§ WORK INSTRUCTION
Nothing but the text of the records should come back; copy it exactly and leave the pictures out.
* * * * * * *
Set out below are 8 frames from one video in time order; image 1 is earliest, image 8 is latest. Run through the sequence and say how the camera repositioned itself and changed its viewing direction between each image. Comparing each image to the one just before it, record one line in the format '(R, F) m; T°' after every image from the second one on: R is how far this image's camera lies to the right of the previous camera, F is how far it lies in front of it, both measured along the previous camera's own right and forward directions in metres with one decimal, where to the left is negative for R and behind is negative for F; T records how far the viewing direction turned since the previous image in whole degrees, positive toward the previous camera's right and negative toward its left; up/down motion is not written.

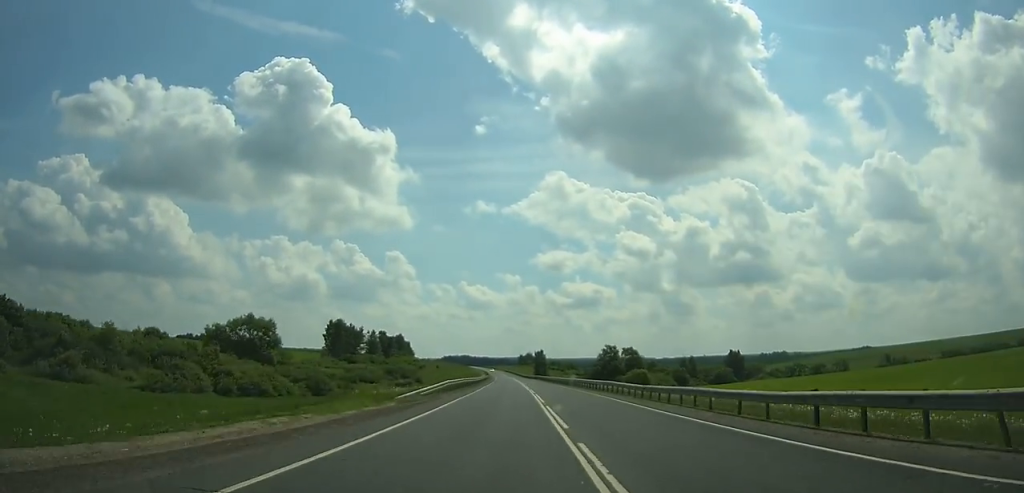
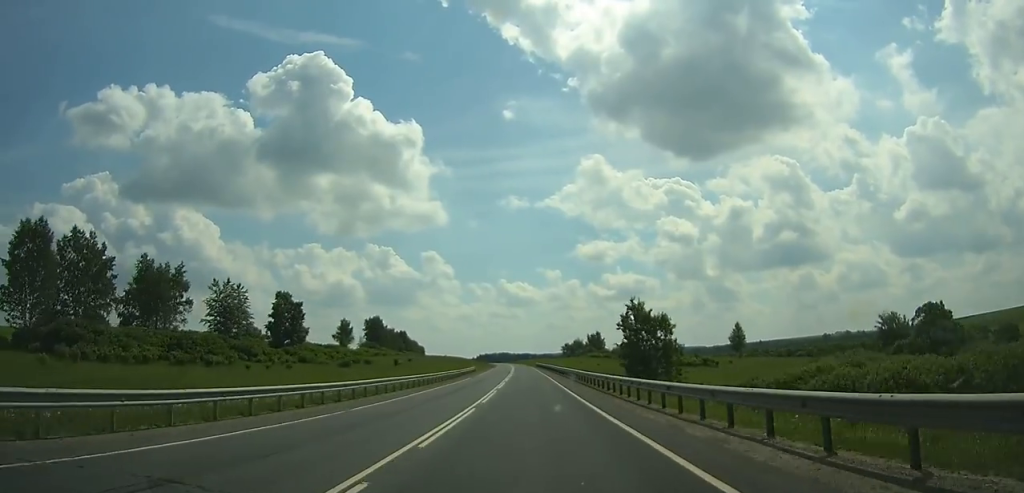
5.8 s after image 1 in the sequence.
(-3.4, +150.1) m; -3°
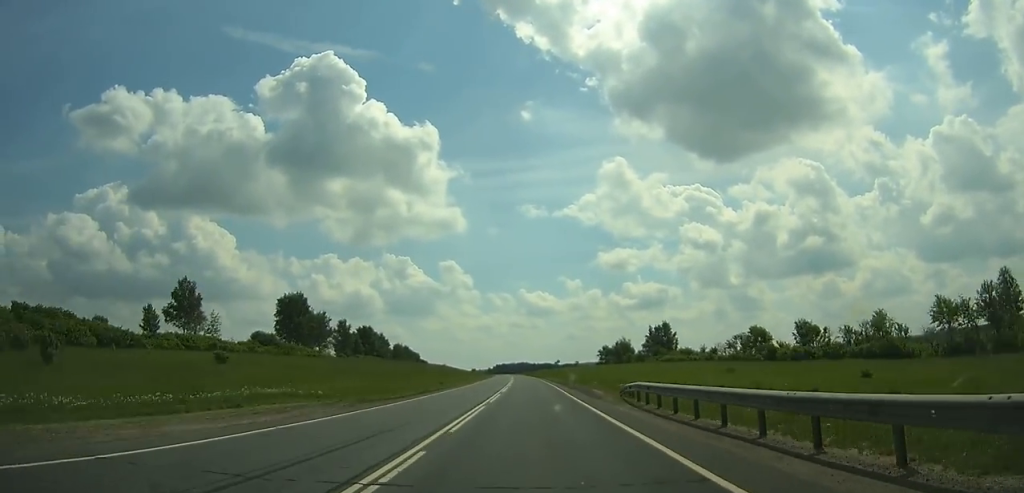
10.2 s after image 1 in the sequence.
(-2.9, +116.9) m; -3°
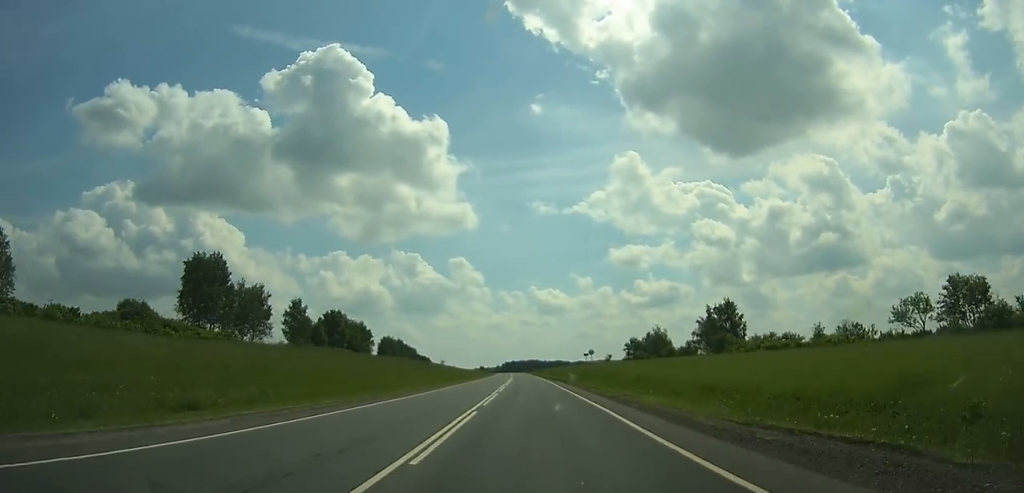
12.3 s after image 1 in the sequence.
(-0.6, +54.5) m; -1°
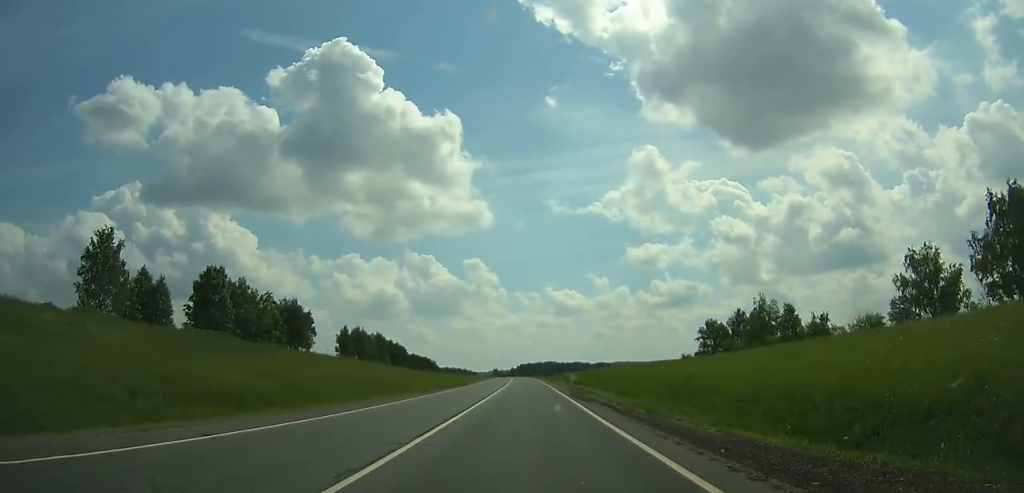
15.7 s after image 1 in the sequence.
(-0.9, +86.9) m; -1°
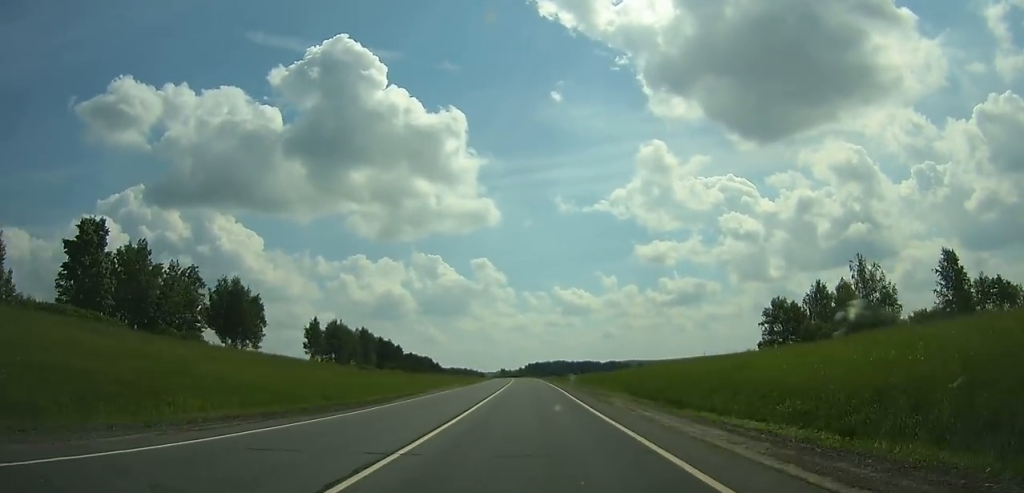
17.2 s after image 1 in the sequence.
(-0.5, +38.0) m; -1°
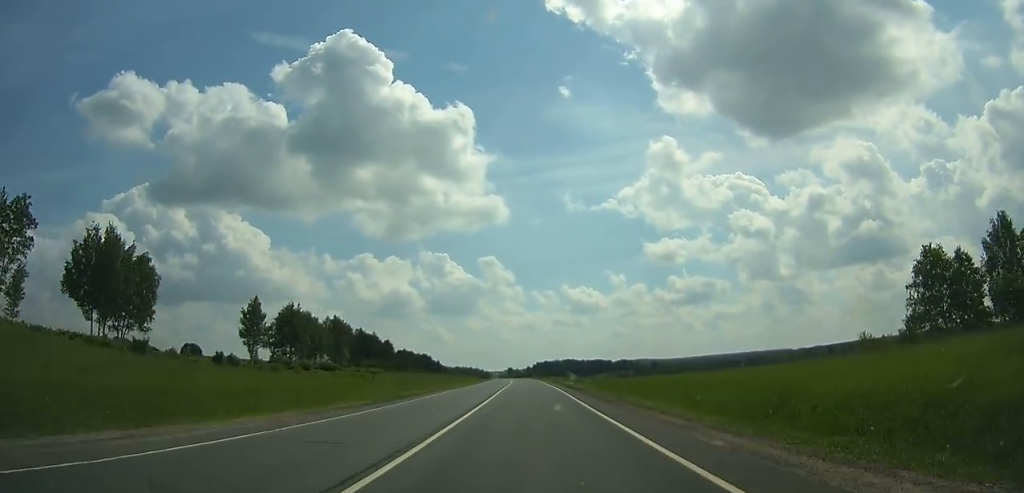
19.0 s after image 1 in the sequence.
(-0.2, +45.5) m; -1°
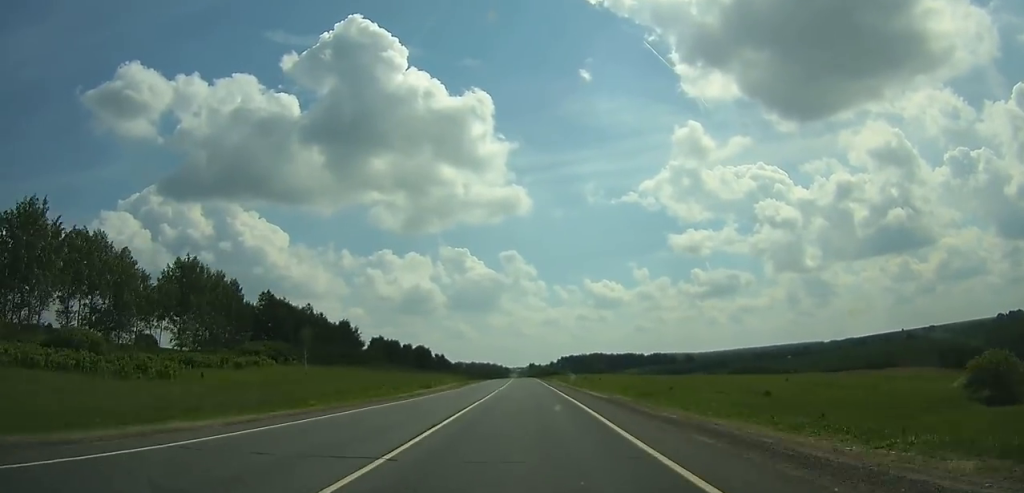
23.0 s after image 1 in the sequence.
(-2.4, +103.2) m; -2°
* * * * * * *
§ TASK ANSWER
Set out below are 8 frames from one video in time order; image 1 is earliest, image 8 is latest. Run through the sequence and say how the camera repositioned itself and changed its viewing direction between each image. Comparing each image to the one just before it, record one line in the format '(R, F) m; T°' after every image from the second one on: R is how far this image's camera lies to the right of the previous camera, F is how far it lies in front of it, both measured along the previous camera's own right and forward directions in metres with one decimal, where to the left is negative for R and behind is negative for F; T records how far the viewing direction turned since the previous image in whole degrees, positive toward the previous camera's right and negative toward its left; up/down motion is not written.

5.8 s after image 1 in the sequence.
(-3.4, +150.1) m; -3°
10.2 s after image 1 in the sequence.
(-2.9, +116.9) m; -3°
12.3 s after image 1 in the sequence.
(-0.6, +54.5) m; -1°
15.7 s after image 1 in the sequence.
(-0.9, +86.9) m; -1°
17.2 s after image 1 in the sequence.
(-0.5, +38.0) m; -1°
19.0 s after image 1 in the sequence.
(-0.2, +45.5) m; -1°
23.0 s after image 1 in the sequence.
(-2.4, +103.2) m; -2°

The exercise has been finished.